┏━━
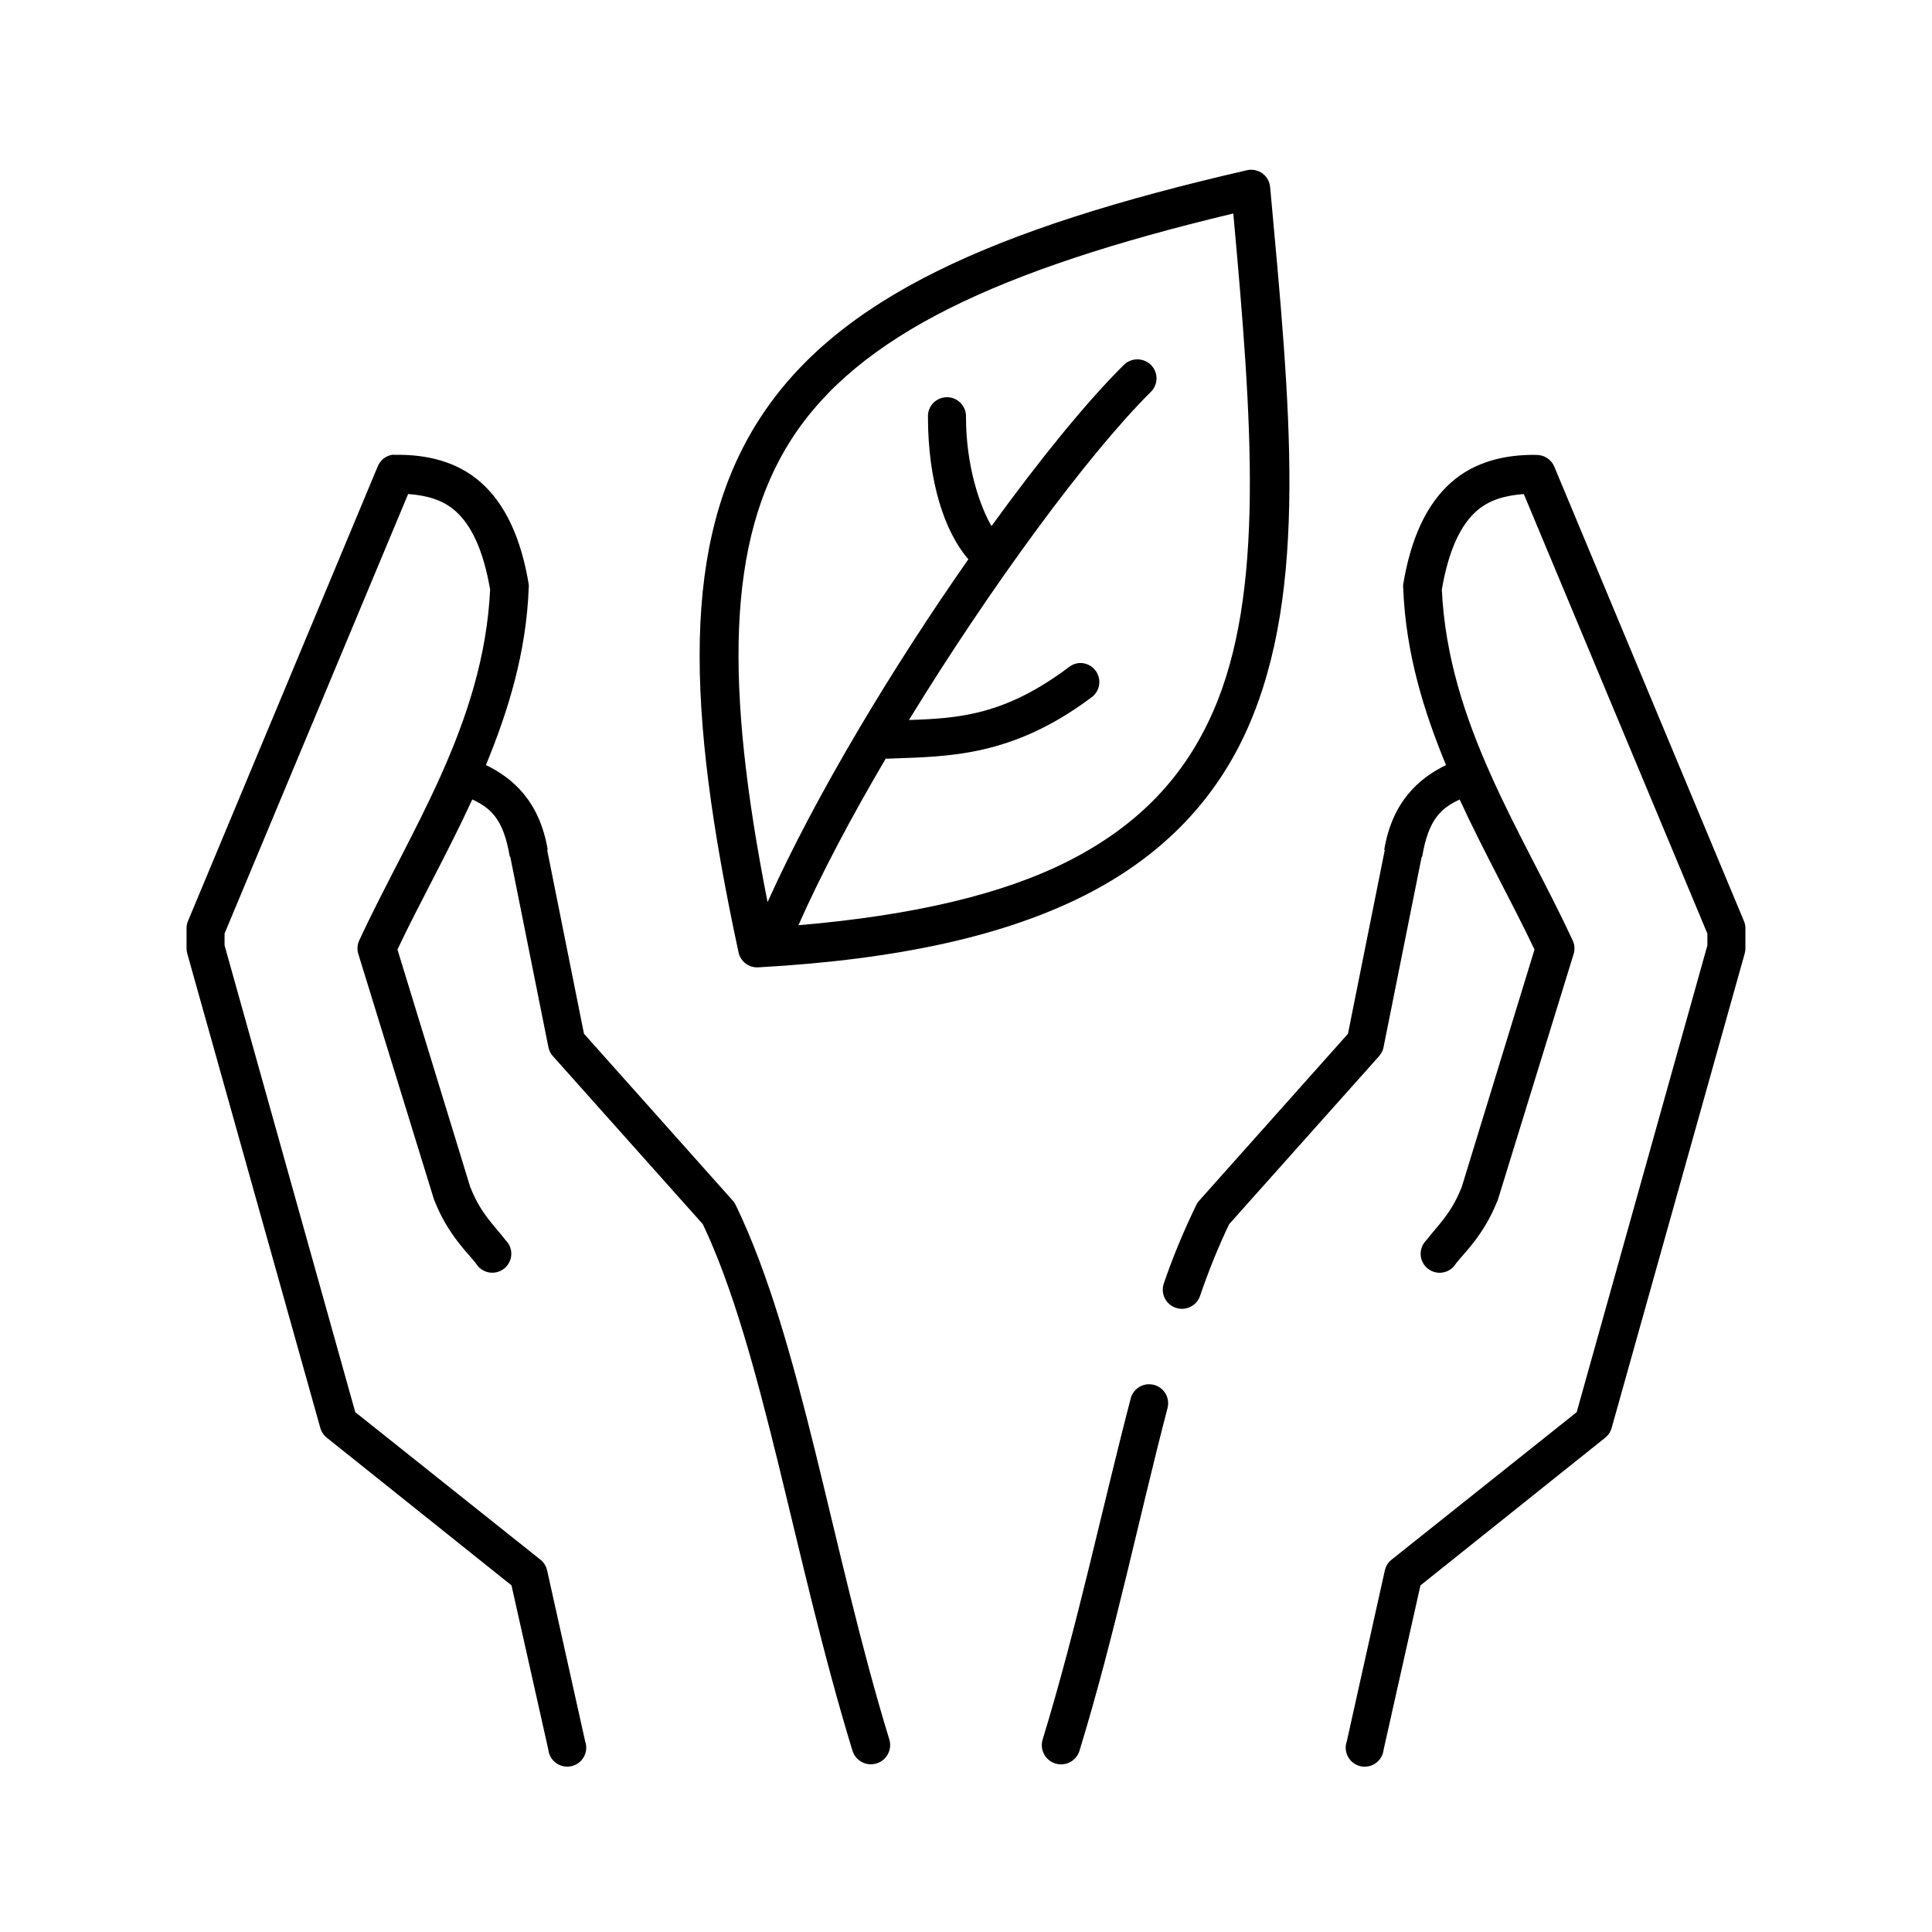 <?xml version="1.0" encoding="UTF-8"?>
<!-- Uploaded to: ICON Repo, www.svgrepo.com, Generator: ICON Repo Mixer Tools -->
<svg fill="#000000" width="800px" height="800px" version="1.1" viewBox="144 144 512 512" xmlns="http://www.w3.org/2000/svg">
 <path d="m474.46 189.11c-67.312 15.469-108.57 33.84-129.25 66.016-20.684 32.176-19.48 76.23-5.512 141.15l0.004-0.004c0.469 2.465 2.684 4.207 5.195 4.086 37.707-2.09 65.75-8.52 86.746-19.176 20.996-10.656 34.84-25.82 42.98-44.168 16.281-36.691 11.277-85.434 5.984-143.35h-0.004c-0.102-1.465-0.84-2.812-2.019-3.688s-2.688-1.195-4.121-0.867zm-3.621 11.473c4.973 54.898 8.512 100.75-5.512 132.34-7.293 16.438-19.059 29.551-38.258 39.293-17.039 8.648-40.68 14.363-71.477 16.977 6-13.57 14.082-28.766 23.145-44.168h0.004c0.418 0.055 0.84 0.055 1.258 0 15.227-0.566 32.188-0.414 53.215-16.188 1.844-1.309 2.59-3.688 1.82-5.812-0.773-2.129-2.871-3.477-5.129-3.305-0.98 0.098-1.91 0.48-2.676 1.102-16.84 12.637-28.934 13.547-42.352 13.988 21.75-35.48 47.383-70.336 64.074-86.922l0.004 0.004c1.516-1.461 1.965-3.707 1.121-5.637-0.84-1.926-2.797-3.129-4.898-3.012-1.316 0.055-2.559 0.617-3.465 1.574-9.898 9.836-22.258 25.074-34.949 42.594-3.109-5.293-6.769-15.941-6.769-28.922 0.059-1.477-0.539-2.902-1.633-3.902-1.09-1-2.566-1.469-4.035-1.281-2.598 0.324-4.512 2.578-4.41 5.184 0 17.094 4.391 30.434 10.707 37.723-20.137 28.789-40.43 62.453-53.215 90.848-11.348-57.473-10.867-95.898 6.297-122.6 17.711-27.551 54.594-44.938 117.13-59.887zm-223.09 63.973c-1.625 0.336-2.981 1.453-3.621 2.984l-50.379 120.71c-0.242 0.652-0.352 1.348-0.312 2.043v5.031c0 0.422 0.051 0.844 0.156 1.258l35.266 125.74c0.273 1.055 0.879 1.992 1.73 2.672l48.961 39.137 9.762 43.539c0.152 1.43 0.906 2.727 2.074 3.562 1.172 0.84 2.644 1.137 4.047 0.82 1.406-0.316 2.609-1.219 3.305-2.477 0.695-1.258 0.816-2.754 0.336-4.106l-10.074-45.266v-0.004c-0.242-1.109-0.852-2.109-1.73-2.828l-49.121-39.137-34.637-123.7v-3.144l48.648-116.47c4.996 0.367 9.23 1.551 12.594 4.559 4.043 3.617 7.285 10.027 9.133 20.746-1.691 35.695-21.41 64.363-34.637 92.895v-0.004c-0.551 1.125-0.664 2.414-0.316 3.617l20.152 65.387c0.051 0.105 0.102 0.207 0.16 0.312 3.582 8.98 8.891 13.777 10.863 16.348l-0.004-0.004c0.734 1.258 1.973 2.137 3.402 2.414 1.43 0.277 2.906-0.078 4.055-0.973 1.148-0.895 1.852-2.238 1.934-3.691 0.078-1.449-0.473-2.863-1.516-3.879-3.039-3.961-6.34-6.762-9.133-13.516v-0.156c-0.039-0.09-0.121-0.066-0.156-0.156l-19.363-63.188c5.891-12.434 13.266-25.531 19.836-39.766 4.793 2.242 8.262 5.121 9.918 15.09 0.051 0.051 0.102 0.105 0.156 0.156l10.074 50.297c0.156 0.871 0.535 1.684 1.105 2.359l39.832 44.641c15.91 33.457 24.043 88.547 39.672 139.57v-0.004c0.836 2.68 3.68 4.184 6.367 3.359 2.688-0.82 4.203-3.656 3.394-6.344-15.406-50.293-23.262-105.43-40.617-141.46h-0.004c-0.199-0.457-0.461-0.879-0.785-1.258l-39.516-44.324-9.762-48.727h0.156c-2.156-12.957-9.336-19.051-16.375-22.477 5.871-14.301 10.656-29.586 11.336-46.84 0.043-0.363 0.043-0.734 0-1.098-2.066-12.383-6.269-21.219-12.594-26.879-6.324-5.66-14.559-7.543-22.828-7.387-0.312-0.031-0.629-0.031-0.945 0zm303.54 0c-8.27-0.156-16.504 1.73-22.828 7.387-6.324 5.66-10.531 14.496-12.594 26.879-0.039 0.363-0.039 0.734 0 1.098 0.68 17.254 5.461 32.539 11.336 46.84-7.035 3.426-14.219 9.52-16.375 22.477h0.156l-9.762 48.727-39.516 44.324h0.004c-0.324 0.379-0.59 0.801-0.789 1.258-3.074 6.383-5.906 13.004-8.5 20.59-0.91 2.644 0.5 5.527 3.148 6.438 2.652 0.91 5.539-0.492 6.453-3.137 2.383-6.973 4.91-13.145 7.715-19.02l39.832-44.641v0.004c0.566-0.676 0.949-1.488 1.102-2.359l10.074-50.297c0.055-0.051 0.109-0.105 0.16-0.156 1.656-9.969 5.125-12.848 9.918-15.09 6.57 14.234 13.945 27.332 19.836 39.766l-19.363 63.188-0.156 0.312c-2.789 6.758-6.094 9.555-9.133 13.516-1.043 1.016-1.598 2.43-1.516 3.879 0.078 1.453 0.781 2.797 1.93 3.691 1.148 0.895 2.629 1.25 4.059 0.973 1.426-0.277 2.668-1.156 3.398-2.414 1.973-2.57 7.281-7.367 10.863-16.348v0.004c0.055-0.105 0.109-0.207 0.156-0.312l20.152-65.387c0.348-1.203 0.238-2.492-0.316-3.617-13.227-28.531-32.945-57.195-34.637-92.895 1.848-10.719 5.09-17.133 9.133-20.746 3.363-3.008 7.598-4.191 12.594-4.559l48.648 116.47v3.144l-34.637 123.7-49.121 39.137 0.004 0.004c-0.883 0.719-1.492 1.719-1.73 2.828l-10.074 45.266-0.004 0.004c-0.48 1.352-0.355 2.848 0.34 4.106 0.695 1.258 1.895 2.16 3.301 2.477 1.402 0.316 2.879 0.02 4.047-0.82 1.168-0.836 1.926-2.133 2.074-3.562l9.762-43.539 48.961-39.137c0.852-0.68 1.461-1.617 1.73-2.672l35.266-125.74c0.105-0.414 0.16-0.836 0.16-1.258v-5.031c0.035-0.695-0.07-1.391-0.316-2.043l-50.379-120.71c-0.805-1.801-2.59-2.969-4.566-2.984zm-103.12 246.3 0.004-0.004c-2.227 0.156-4.086 1.758-4.566 3.93-7.422 28.398-14.102 60.195-23.301 90.223-0.812 2.688 0.703 5.523 3.391 6.344 2.688 0.824 5.535-0.68 6.371-3.359 9.387-30.645 15.977-62.672 23.301-90.691 0.469-1.582 0.129-3.293-0.91-4.582-1.035-1.285-2.637-1.98-4.285-1.863z"/>
</svg>
┗━━
### Required action
When you copy the data above, reproduce each line exactly and skip every image.

### Reply to the exercise
 <?xml version="1.0" encoding="UTF-8"?>
<!-- Uploaded to: ICON Repo, www.svgrepo.com, Generator: ICON Repo Mixer Tools -->
<svg fill="#000000" width="800px" height="800px" version="1.1" viewBox="144 144 512 512" xmlns="http://www.w3.org/2000/svg">
 <path d="m474.46 189.11c-67.312 15.469-108.57 33.84-129.25 66.016-20.684 32.176-19.48 76.23-5.512 141.15l0.004-0.004c0.469 2.465 2.684 4.207 5.195 4.086 37.707-2.09 65.75-8.52 86.746-19.176 20.996-10.656 34.84-25.82 42.98-44.168 16.281-36.691 11.277-85.434 5.984-143.35h-0.004c-0.102-1.465-0.84-2.812-2.019-3.688s-2.688-1.195-4.121-0.867zm-3.621 11.473c4.973 54.898 8.512 100.75-5.512 132.34-7.293 16.438-19.059 29.551-38.258 39.293-17.039 8.648-40.68 14.363-71.477 16.977 6-13.57 14.082-28.766 23.145-44.168h0.004c0.418 0.055 0.84 0.055 1.258 0 15.227-0.566 32.188-0.414 53.215-16.188 1.844-1.309 2.59-3.688 1.82-5.812-0.773-2.129-2.871-3.477-5.129-3.305-0.98 0.098-1.91 0.48-2.676 1.102-16.84 12.637-28.934 13.547-42.352 13.988 21.75-35.48 47.383-70.336 64.074-86.922l0.004 0.004c1.516-1.461 1.965-3.707 1.121-5.637-0.84-1.926-2.797-3.129-4.898-3.012-1.316 0.055-2.559 0.617-3.465 1.574-9.898 9.836-22.258 25.074-34.949 42.594-3.109-5.293-6.769-15.941-6.769-28.922 0.059-1.477-0.539-2.902-1.633-3.902-1.09-1-2.566-1.469-4.035-1.281-2.598 0.324-4.512 2.578-4.41 5.184 0 17.094 4.391 30.434 10.707 37.723-20.137 28.789-40.43 62.453-53.215 90.848-11.348-57.473-10.867-95.898 6.297-122.6 17.711-27.551 54.594-44.938 117.13-59.887zm-223.09 63.973c-1.625 0.336-2.981 1.453-3.621 2.984l-50.379 120.71c-0.242 0.652-0.352 1.348-0.312 2.043v5.031c0 0.422 0.051 0.844 0.156 1.258l35.266 125.74c0.273 1.055 0.879 1.992 1.73 2.672l48.961 39.137 9.762 43.539c0.152 1.43 0.906 2.727 2.074 3.562 1.172 0.84 2.644 1.137 4.047 0.82 1.406-0.316 2.609-1.219 3.305-2.477 0.695-1.258 0.816-2.754 0.336-4.106l-10.074-45.266v-0.004c-0.242-1.109-0.852-2.109-1.73-2.828l-49.121-39.137-34.637-123.7v-3.144l48.648-116.47c4.996 0.367 9.23 1.551 12.594 4.559 4.043 3.617 7.285 10.027 9.133 20.746-1.691 35.695-21.41 64.363-34.637 92.895v-0.004c-0.551 1.125-0.664 2.414-0.316 3.617l20.152 65.387c0.051 0.105 0.102 0.207 0.16 0.312 3.582 8.98 8.891 13.777 10.863 16.348l-0.004-0.004c0.734 1.258 1.973 2.137 3.402 2.414 1.43 0.277 2.906-0.078 4.055-0.973 1.148-0.895 1.852-2.238 1.934-3.691 0.078-1.449-0.473-2.863-1.516-3.879-3.039-3.961-6.34-6.762-9.133-13.516v-0.156c-0.039-0.09-0.121-0.066-0.156-0.156l-19.363-63.188c5.891-12.434 13.266-25.531 19.836-39.766 4.793 2.242 8.262 5.121 9.918 15.09 0.051 0.051 0.102 0.105 0.156 0.156l10.074 50.297c0.156 0.871 0.535 1.684 1.105 2.359l39.832 44.641c15.91 33.457 24.043 88.547 39.672 139.57v-0.004c0.836 2.68 3.68 4.184 6.367 3.359 2.688-0.82 4.203-3.656 3.394-6.344-15.406-50.293-23.262-105.43-40.617-141.46h-0.004c-0.199-0.457-0.461-0.879-0.785-1.258l-39.516-44.324-9.762-48.727h0.156c-2.156-12.957-9.336-19.051-16.375-22.477 5.871-14.301 10.656-29.586 11.336-46.84 0.043-0.363 0.043-0.734 0-1.098-2.066-12.383-6.269-21.219-12.594-26.879-6.324-5.66-14.559-7.543-22.828-7.387-0.312-0.031-0.629-0.031-0.945 0zm303.54 0c-8.27-0.156-16.504 1.73-22.828 7.387-6.324 5.66-10.531 14.496-12.594 26.879-0.039 0.363-0.039 0.734 0 1.098 0.68 17.254 5.461 32.539 11.336 46.84-7.035 3.426-14.219 9.52-16.375 22.477h0.156l-9.762 48.727-39.516 44.324h0.004c-0.324 0.379-0.59 0.801-0.789 1.258-3.074 6.383-5.906 13.004-8.5 20.59-0.91 2.644 0.5 5.527 3.148 6.438 2.652 0.91 5.539-0.492 6.453-3.137 2.383-6.973 4.91-13.145 7.715-19.02l39.832-44.641v0.004c0.566-0.676 0.949-1.488 1.102-2.359l10.074-50.297c0.055-0.051 0.109-0.105 0.16-0.156 1.656-9.969 5.125-12.848 9.918-15.09 6.57 14.234 13.945 27.332 19.836 39.766l-19.363 63.188-0.156 0.312c-2.789 6.758-6.094 9.555-9.133 13.516-1.043 1.016-1.598 2.43-1.516 3.879 0.078 1.453 0.781 2.797 1.93 3.691 1.148 0.895 2.629 1.25 4.059 0.973 1.426-0.277 2.668-1.156 3.398-2.414 1.973-2.57 7.281-7.367 10.863-16.348v0.004c0.055-0.105 0.109-0.207 0.156-0.312l20.152-65.387c0.348-1.203 0.238-2.492-0.316-3.617-13.227-28.531-32.945-57.195-34.637-92.895 1.848-10.719 5.09-17.133 9.133-20.746 3.363-3.008 7.598-4.191 12.594-4.559l48.648 116.47v3.144l-34.637 123.7-49.121 39.137 0.004 0.004c-0.883 0.719-1.492 1.719-1.73 2.828l-10.074 45.266-0.004 0.004c-0.48 1.352-0.355 2.848 0.34 4.106 0.695 1.258 1.895 2.16 3.301 2.477 1.402 0.316 2.879 0.02 4.047-0.82 1.168-0.836 1.926-2.133 2.074-3.562l9.762-43.539 48.961-39.137c0.852-0.68 1.461-1.617 1.73-2.672l35.266-125.74c0.105-0.414 0.16-0.836 0.16-1.258v-5.031c0.035-0.695-0.07-1.391-0.316-2.043l-50.379-120.71c-0.805-1.801-2.59-2.969-4.566-2.984zm-103.12 246.3 0.004-0.004c-2.227 0.156-4.086 1.758-4.566 3.93-7.422 28.398-14.102 60.195-23.301 90.223-0.812 2.688 0.703 5.523 3.391 6.344 2.688 0.824 5.535-0.68 6.371-3.359 9.387-30.645 15.977-62.672 23.301-90.691 0.469-1.582 0.129-3.293-0.91-4.582-1.035-1.285-2.637-1.98-4.285-1.863z"/>
</svg>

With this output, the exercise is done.